### Data extract
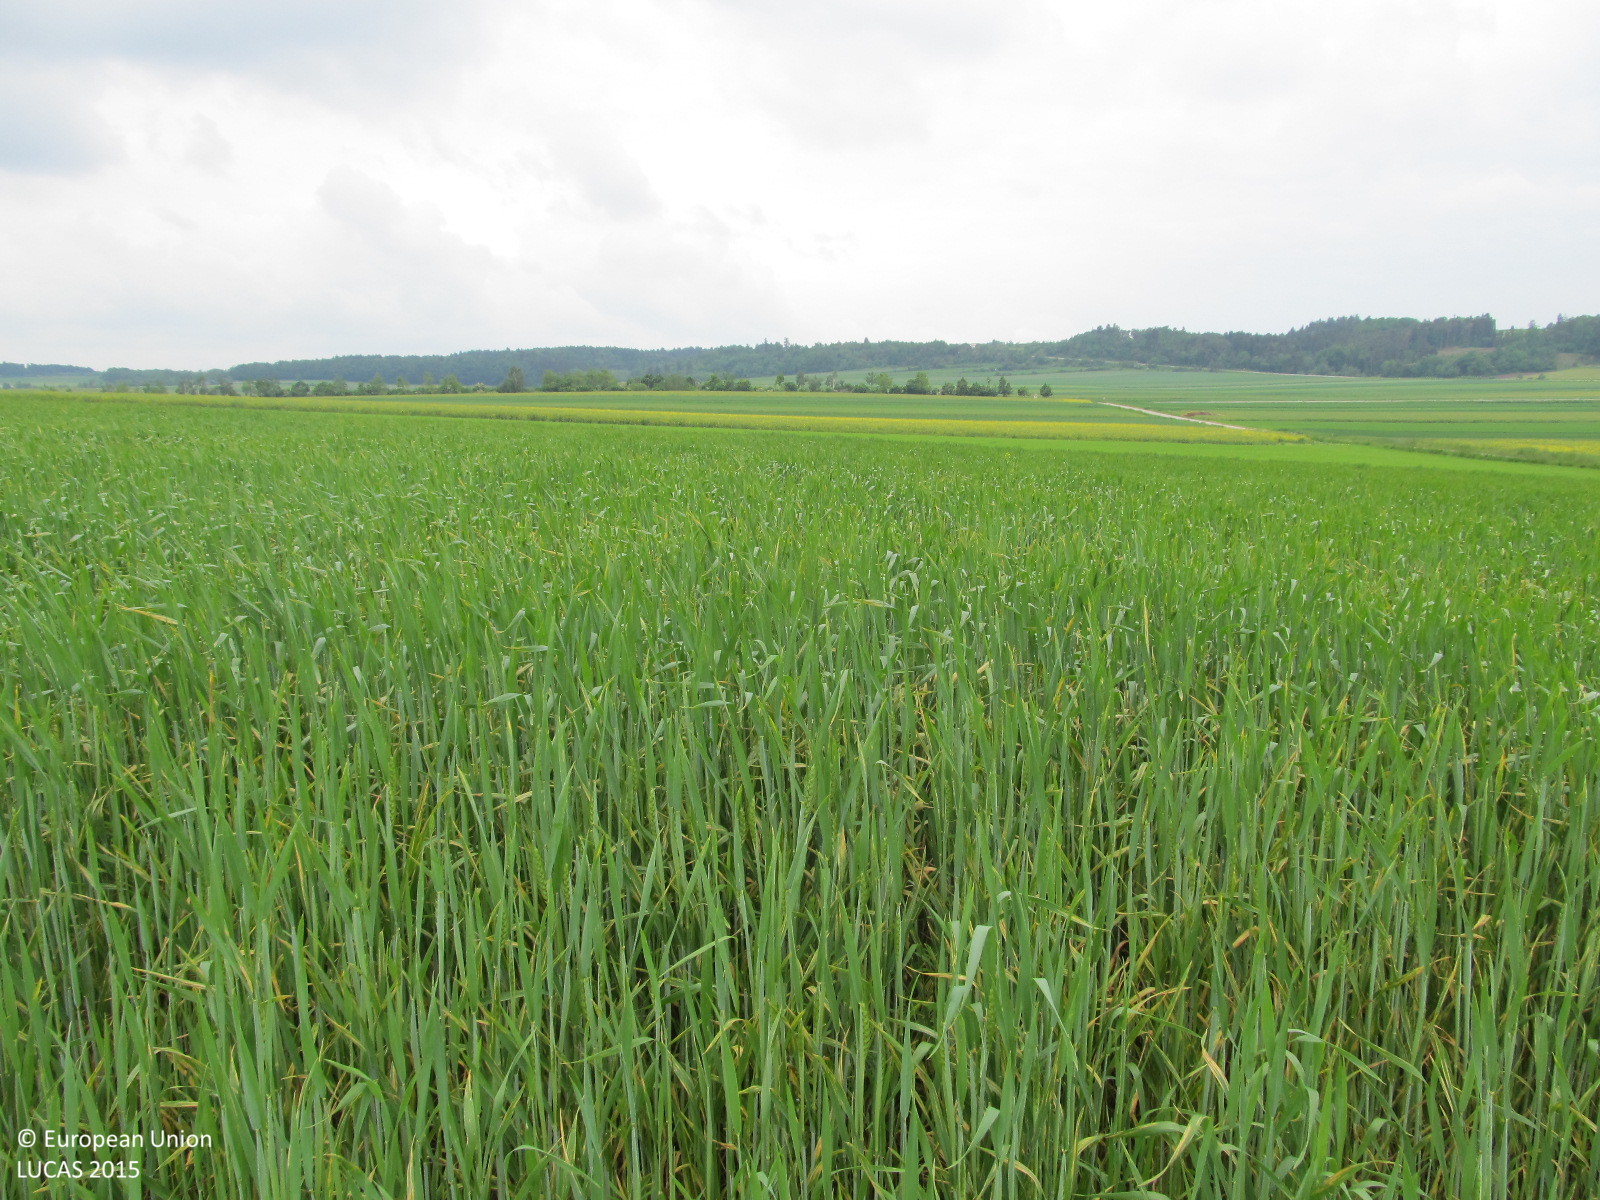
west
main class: Cropland
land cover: Common wheat
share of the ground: > 75 %
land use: Agriculture (excluding fallow land and kitchen gardens)
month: May
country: AT
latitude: 48.6646
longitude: 15.4748

### What to produce
The whole listing should be transcribed exactly, though its pictures must be left out.

### Answer below
west
main class: Cropland
land cover: Common wheat
share of the ground: > 75 %
land use: Agriculture (excluding fallow land and kitchen gardens)
month: May
country: AT
latitude: 48.6646
longitude: 15.4748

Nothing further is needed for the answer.